▸ **Try it**
Begin with the line containing "#336=EDGE_CURVE('',#330,#330,#335,.T.);" and end with the last line of the data below; return those lines exactly, and only those.

▸ **Data records**
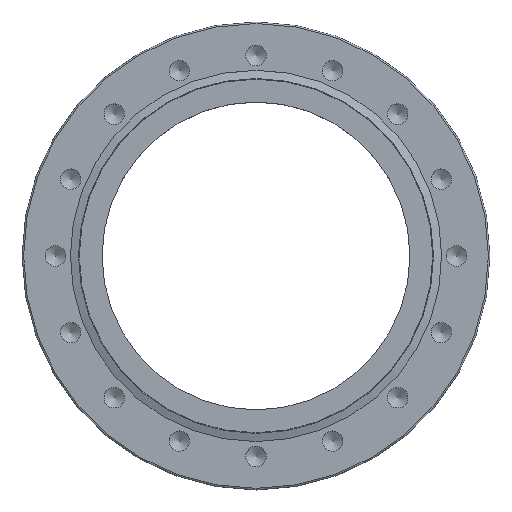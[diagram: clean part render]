
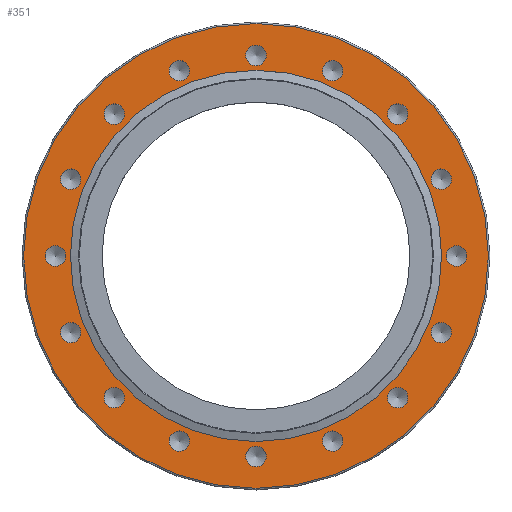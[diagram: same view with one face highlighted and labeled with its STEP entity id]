
A CAD part, top view. The second image highlights one B-rep face of the part: STEP entity #351.
In plain terms, the highlighted planar face has unit normal (0, 0, 1).
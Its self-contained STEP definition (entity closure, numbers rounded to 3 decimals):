
#141=CARTESIAN_POINT('',(75.5,0.,24.));
#142=VERTEX_POINT('',#141);
#143=CARTESIAN_POINT('',(0.0,0.0,24.));
#144=DIRECTION('',(0.0,0.0,-1.0));
#145=DIRECTION('',(-1.0,0.0,0.0));
#146=AXIS2_PLACEMENT_3D('',#143,#144,#145);
#147=CIRCLE('',#146,75.5);
#148=EDGE_CURVE('',#142,#142,#147,.T.);
#156=CARTESIAN_POINT('',(0.0,0.0,24.));
#157=DIRECTION('',(0.0,0.0,-1.0));
#158=DIRECTION('',(-1.0,0.0,0.0));
#159=AXIS2_PLACEMENT_3D('',#156,#157,#158);
#160=PLANE('',#159);
#161=ORIENTED_EDGE('',*,*,#148,.F.);
#162=EDGE_LOOP('',(#161));
#163=FACE_OUTER_BOUND('',#162,.T.);
#164=CARTESIAN_POINT('',(3.324,65.15,24.));
#165=VERTEX_POINT('',#164);
#166=CARTESIAN_POINT('',(0.0,65.15,24.));
#167=DIRECTION('',(0.0,0.0,-1.0));
#168=DIRECTION('',(1.0,0.0,0.0));
#169=AXIS2_PLACEMENT_3D('',#166,#167,#168);
#170=CIRCLE('',#169,3.324);
#171=EDGE_CURVE('',#165,#165,#170,.T.);
#172=ORIENTED_EDGE('',*,*,#171,.T.);
#173=EDGE_LOOP('',(#172));
#174=FACE_BOUND('',#173,.T.);
#175=CARTESIAN_POINT('',(-21.861,61.463,24.));
#176=VERTEX_POINT('',#175);
#177=CARTESIAN_POINT('',(-24.932,60.191,24.));
#178=DIRECTION('',(0.0,0.0,-1.));
#179=DIRECTION('',(0.924,0.383,0.0));
#180=AXIS2_PLACEMENT_3D('',#177,#178,#179);
#181=CIRCLE('',#180,3.324);
#182=EDGE_CURVE('',#176,#176,#181,.T.);
#183=ORIENTED_EDGE('',*,*,#182,.T.);
#184=EDGE_LOOP('',(#183));
#185=FACE_BOUND('',#184,.T.);
#186=CARTESIAN_POINT('',(-43.718,48.418,24.));
#187=VERTEX_POINT('',#186);
#188=CARTESIAN_POINT('',(-46.068,46.068,24.));
#189=DIRECTION('',(0.0,0.0,-1.));
#190=DIRECTION('',(0.707,0.707,0.0));
#191=AXIS2_PLACEMENT_3D('',#188,#189,#190);
#192=CIRCLE('',#191,3.324);
#193=EDGE_CURVE('',#187,#187,#192,.T.);
#194=ORIENTED_EDGE('',*,*,#193,.T.);
#195=EDGE_LOOP('',(#194));
#196=FACE_BOUND('',#195,.T.);
#197=CARTESIAN_POINT('',(-58.919,28.002,24.));
#198=VERTEX_POINT('',#197);
#199=CARTESIAN_POINT('',(-60.191,24.932,24.));
#200=DIRECTION('',(0.0,0.0,-1.0));
#201=DIRECTION('',(0.383,0.924,0.0));
#202=AXIS2_PLACEMENT_3D('',#199,#200,#201);
#203=CIRCLE('',#202,3.324);
#204=EDGE_CURVE('',#198,#198,#203,.T.);
#205=ORIENTED_EDGE('',*,*,#204,.T.);
#206=EDGE_LOOP('',(#205));
#207=FACE_BOUND('',#206,.T.);
#208=CARTESIAN_POINT('',(-65.15,3.324,24.));
#209=VERTEX_POINT('',#208);
#210=CARTESIAN_POINT('',(-65.15,0.,24.));
#211=DIRECTION('',(0.0,0.0,-1.0));
#212=DIRECTION('',(0.0,1.0,0.0));
#213=AXIS2_PLACEMENT_3D('',#210,#211,#212);
#214=CIRCLE('',#213,3.324);
#215=EDGE_CURVE('',#209,#209,#214,.T.);
#216=ORIENTED_EDGE('',*,*,#215,.T.);
#217=EDGE_LOOP('',(#216));
#218=FACE_BOUND('',#217,.T.);
#219=CARTESIAN_POINT('',(-61.463,-21.861,24.));
#220=VERTEX_POINT('',#219);
#221=CARTESIAN_POINT('',(-60.191,-24.932,24.));
#222=DIRECTION('',(0.0,0.0,-1.0));
#223=DIRECTION('',(-0.383,0.924,0.0));
#224=AXIS2_PLACEMENT_3D('',#221,#222,#223);
#225=CIRCLE('',#224,3.324);
#226=EDGE_CURVE('',#220,#220,#225,.T.);
#227=ORIENTED_EDGE('',*,*,#226,.T.);
#228=EDGE_LOOP('',(#227));
#229=FACE_BOUND('',#228,.T.);
#230=CARTESIAN_POINT('',(-48.418,-43.718,24.));
#231=VERTEX_POINT('',#230);
#232=CARTESIAN_POINT('',(-46.068,-46.068,24.));
#233=DIRECTION('',(0.0,0.0,-1.0));
#234=DIRECTION('',(-0.707,0.707,0.0));
#235=AXIS2_PLACEMENT_3D('',#232,#233,#234);
#236=CIRCLE('',#235,3.324);
#237=EDGE_CURVE('',#231,#231,#236,.T.);
#238=ORIENTED_EDGE('',*,*,#237,.T.);
#239=EDGE_LOOP('',(#238));
#240=FACE_BOUND('',#239,.T.);
#241=CARTESIAN_POINT('',(-28.002,-58.919,24.));
#242=VERTEX_POINT('',#241);
#243=CARTESIAN_POINT('',(-24.932,-60.191,24.));
#244=DIRECTION('',(0.0,0.0,-1.0));
#245=DIRECTION('',(-0.924,0.383,0.0));
#246=AXIS2_PLACEMENT_3D('',#243,#244,#245);
#247=CIRCLE('',#246,3.324);
#248=EDGE_CURVE('',#242,#242,#247,.T.);
#249=ORIENTED_EDGE('',*,*,#248,.T.);
#250=EDGE_LOOP('',(#249));
#251=FACE_BOUND('',#250,.T.);
#252=CARTESIAN_POINT('',(-3.324,-65.15,24.));
#253=VERTEX_POINT('',#252);
#254=CARTESIAN_POINT('',(0.,-65.15,24.));
#255=DIRECTION('',(0.0,0.0,-1.0));
#256=DIRECTION('',(-1.0,0.0,0.0));
#257=AXIS2_PLACEMENT_3D('',#254,#255,#256);
#258=CIRCLE('',#257,3.324);
#259=EDGE_CURVE('',#253,#253,#258,.T.);
#260=ORIENTED_EDGE('',*,*,#259,.T.);
#261=EDGE_LOOP('',(#260));
#262=FACE_BOUND('',#261,.T.);
#263=CARTESIAN_POINT('',(21.861,-61.463,24.));
#264=VERTEX_POINT('',#263);
#265=CARTESIAN_POINT('',(24.932,-60.191,24.));
#266=DIRECTION('',(0.0,0.0,-1.0));
#267=DIRECTION('',(-0.924,-0.383,0.0));
#268=AXIS2_PLACEMENT_3D('',#265,#266,#267);
#269=CIRCLE('',#268,3.324);
#270=EDGE_CURVE('',#264,#264,#269,.T.);
#271=ORIENTED_EDGE('',*,*,#270,.T.);
#272=EDGE_LOOP('',(#271));
#273=FACE_BOUND('',#272,.T.);
#274=CARTESIAN_POINT('',(43.718,-48.418,24.));
#275=VERTEX_POINT('',#274);
#276=CARTESIAN_POINT('',(46.068,-46.068,24.));
#277=DIRECTION('',(0.0,0.0,-1.0));
#278=DIRECTION('',(-0.707,-0.707,0.0));
#279=AXIS2_PLACEMENT_3D('',#276,#277,#278);
#280=CIRCLE('',#279,3.324);
#281=EDGE_CURVE('',#275,#275,#280,.T.);
#282=ORIENTED_EDGE('',*,*,#281,.T.);
#283=EDGE_LOOP('',(#282));
#284=FACE_BOUND('',#283,.T.);
#285=CARTESIAN_POINT('',(58.919,-28.002,24.));
#286=VERTEX_POINT('',#285);
#287=CARTESIAN_POINT('',(60.191,-24.932,24.));
#288=DIRECTION('',(0.0,0.0,-1.));
#289=DIRECTION('',(-0.383,-0.924,0.0));
#290=AXIS2_PLACEMENT_3D('',#287,#288,#289);
#291=CIRCLE('',#290,3.324);
#292=EDGE_CURVE('',#286,#286,#291,.T.);
#293=ORIENTED_EDGE('',*,*,#292,.T.);
#294=EDGE_LOOP('',(#293));
#295=FACE_BOUND('',#294,.T.);
#296=CARTESIAN_POINT('',(65.15,-3.324,24.));
#297=VERTEX_POINT('',#296);
#298=CARTESIAN_POINT('',(65.15,0.,24.));
#299=DIRECTION('',(0.0,0.0,-1.0));
#300=DIRECTION('',(0.0,-1.0,0.0));
#301=AXIS2_PLACEMENT_3D('',#298,#299,#300);
#302=CIRCLE('',#301,3.324);
#303=EDGE_CURVE('',#297,#297,#302,.T.);
#304=ORIENTED_EDGE('',*,*,#303,.T.);
#305=EDGE_LOOP('',(#304));
#306=FACE_BOUND('',#305,.T.);
#307=CARTESIAN_POINT('',(61.463,21.861,24.));
#308=VERTEX_POINT('',#307);
#309=CARTESIAN_POINT('',(60.191,24.932,24.));
#310=DIRECTION('',(0.0,0.0,-1.0));
#311=DIRECTION('',(0.383,-0.924,0.0));
#312=AXIS2_PLACEMENT_3D('',#309,#310,#311);
#313=CIRCLE('',#312,3.324);
#314=EDGE_CURVE('',#308,#308,#313,.T.);
#315=ORIENTED_EDGE('',*,*,#314,.T.);
#316=EDGE_LOOP('',(#315));
#317=FACE_BOUND('',#316,.T.);
#318=CARTESIAN_POINT('',(48.418,43.718,24.));
#319=VERTEX_POINT('',#318);
#320=CARTESIAN_POINT('',(46.068,46.068,24.));
#321=DIRECTION('',(0.0,0.0,-1.0));
#322=DIRECTION('',(0.707,-0.707,0.0));
#323=AXIS2_PLACEMENT_3D('',#320,#321,#322);
#324=CIRCLE('',#323,3.324);
#325=EDGE_CURVE('',#319,#319,#324,.T.);
#326=ORIENTED_EDGE('',*,*,#325,.T.);
#327=EDGE_LOOP('',(#326));
#328=FACE_BOUND('',#327,.T.);
#329=CARTESIAN_POINT('',(28.002,58.919,24.));
#330=VERTEX_POINT('',#329);
#331=CARTESIAN_POINT('',(24.932,60.191,24.));
#332=DIRECTION('',(0.0,0.0,-1.));
#333=DIRECTION('',(0.924,-0.383,0.0));
#334=AXIS2_PLACEMENT_3D('',#331,#332,#333);
#335=CIRCLE('',#334,3.324);
#336=EDGE_CURVE('',#330,#330,#335,.T.);
#337=ORIENTED_EDGE('',*,*,#336,.T.);
#338=EDGE_LOOP('',(#337));
#339=FACE_BOUND('',#338,.T.);
#340=CARTESIAN_POINT('',(0.0,-60.3,24.));
#341=VERTEX_POINT('',#340);
#342=CARTESIAN_POINT('',(0.0,0.0,24.));
#343=DIRECTION('',(0.0,0.0,-1.0));
#344=DIRECTION('',(0.0,-1.0,0.0));
#345=AXIS2_PLACEMENT_3D('',#342,#343,#344);
#346=CIRCLE('',#345,60.3);
#347=EDGE_CURVE('',#341,#341,#346,.T.);
#348=ORIENTED_EDGE('',*,*,#347,.T.);
#349=EDGE_LOOP('',(#348));
#350=FACE_BOUND('',#349,.T.);
#351=ADVANCED_FACE('',(#163,#174,#185,#196,#207,#218,#229,#240,#251,#262,#273,#284,#295,#306,#317,#328,#339,#350),#160,.F.);

▸ **Answer section**
#336=EDGE_CURVE('',#330,#330,#335,.T.);
#337=ORIENTED_EDGE('',*,*,#336,.T.);
#338=EDGE_LOOP('',(#337));
#339=FACE_BOUND('',#338,.T.);
#340=CARTESIAN_POINT('',(0.0,-60.3,24.));
#341=VERTEX_POINT('',#340);
#342=CARTESIAN_POINT('',(0.0,0.0,24.));
#343=DIRECTION('',(0.0,0.0,-1.0));
#344=DIRECTION('',(0.0,-1.0,0.0));
#345=AXIS2_PLACEMENT_3D('',#342,#343,#344);
#346=CIRCLE('',#345,60.3);
#347=EDGE_CURVE('',#341,#341,#346,.T.);
#348=ORIENTED_EDGE('',*,*,#347,.T.);
#349=EDGE_LOOP('',(#348));
#350=FACE_BOUND('',#349,.T.);
#351=ADVANCED_FACE('',(#163,#174,#185,#196,#207,#218,#229,#240,#251,#262,#273,#284,#295,#306,#317,#328,#339,#350),#160,.F.);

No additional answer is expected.